On Wednesday, in the trial for a Philadelphia family’s inheritance of 1933 double eagle gold coins, the jury reached a verdict.

Joan Langbord, 81, and her two sons lost their case to maintain ownership of the 10 gold coins.

The double eagle coins, minted in 1933, were $20 coins that were recalled by the U.S. Treasury that same year when Franklin Delano Roosevelt took the country off the gold standard.

At the time, all 445,500 coins were to be melted down, and they should have been gone by 1937, with the exception of two coins saved for the Smithsonian.

Joan Langbord’s father, jeweler Israel Switt, came into possession of a number of these coins, illegally, according to the U.S. government and Assistant U.S. Attorney Jacqueline Romero.

In 2003, Langbord found the 10 coins in 2003 in a safety deposit box she inherited from her mother.

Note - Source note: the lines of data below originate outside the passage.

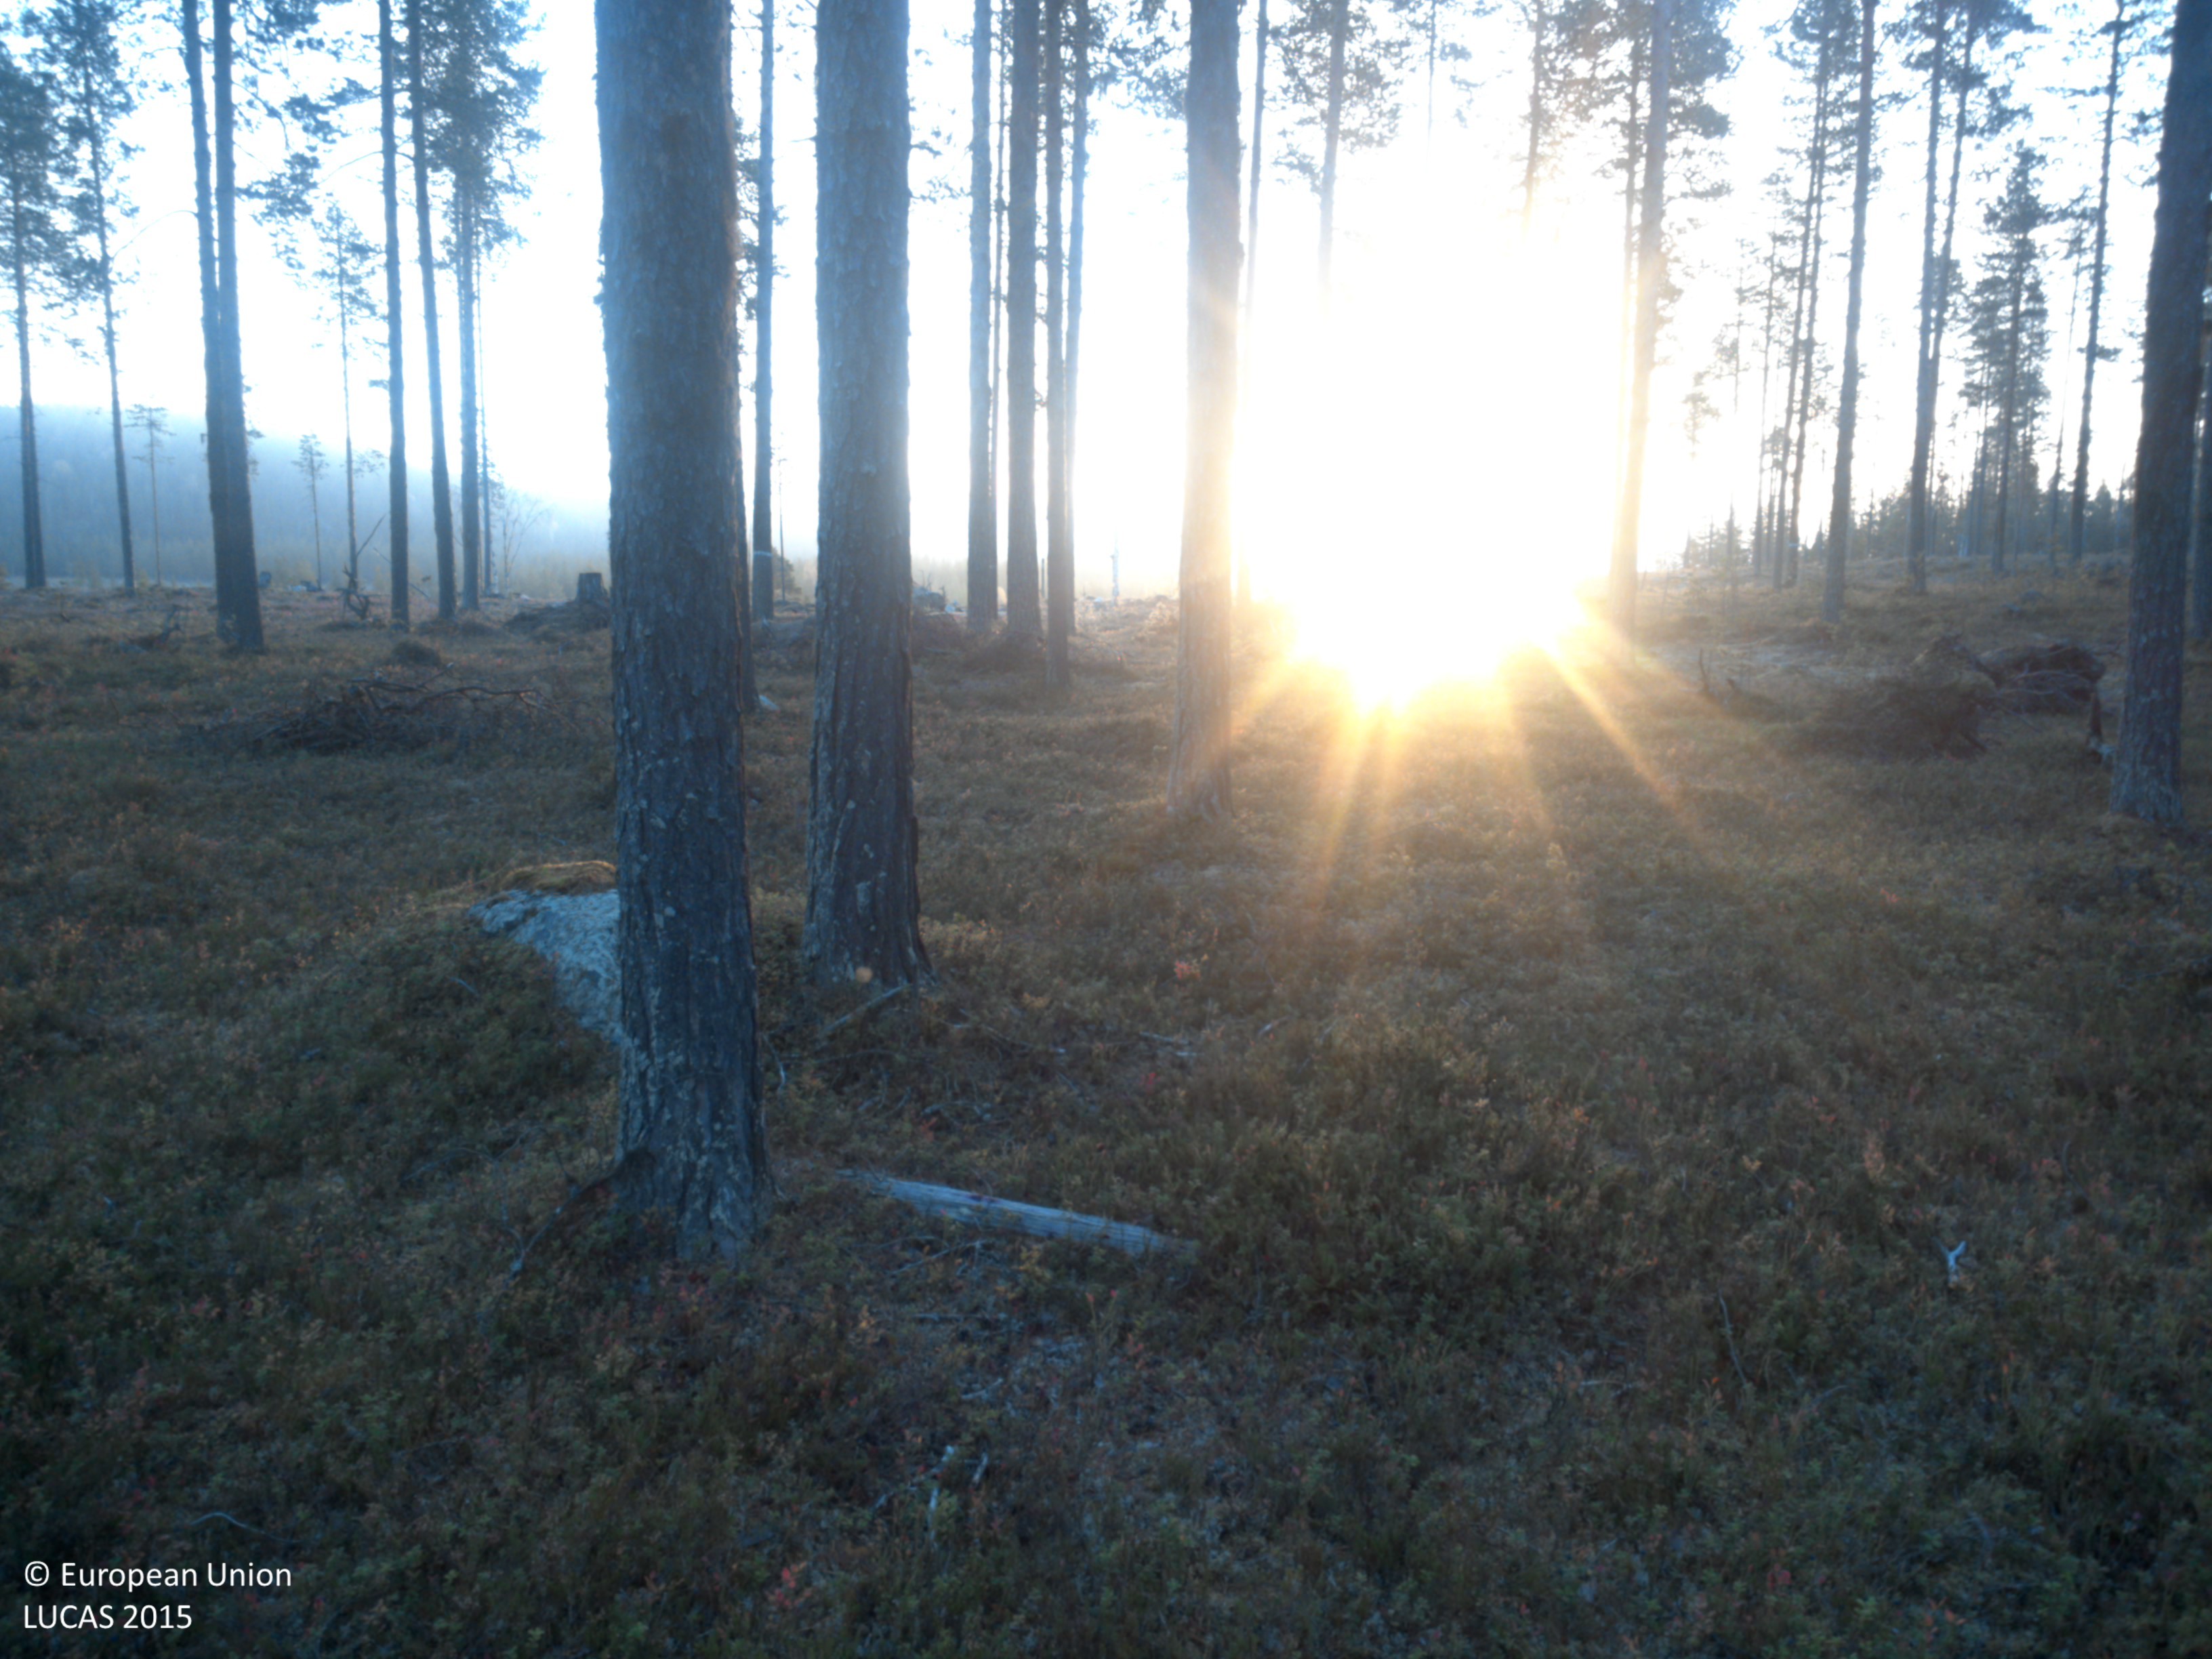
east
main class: Woodland
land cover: Pine dominated coniferous woodland
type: boreal forest
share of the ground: 25 - 50 %
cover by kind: coniferous forest trees 50 %, shrubs 25 %, lichens and mosses 15 %, herbaceous plants 10 %
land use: Forestry
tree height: > 5 m
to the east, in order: Pine dominated coniferous woodland; Tracks; Pine dominated coniferous woodland; Shrubland with sparse tree cover; Pine dominated mixed woodland; Inland fresh running water
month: October
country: SE
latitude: 64.7977
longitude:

Until that time, she had never thoroughly examined the deposit box and was unaware of what it contained, according to Philly.com.

But one double eagle coin was auctioned in 2002 for $7.6 million, a coin that could be traced back to Israel Switt.

This auction price means the store that Langbord found could be worth an estimated $80 million.

But they should not even be in circulation, said the U.S. government.

Since 1937, around 21 of these double eagle coins have resurfaced, all traced in some way to Switt.

That year he had been stopped while boarding a train and was found to be carrying around 100 gold coins, which were immediately seized, according to NBC Philadelphia.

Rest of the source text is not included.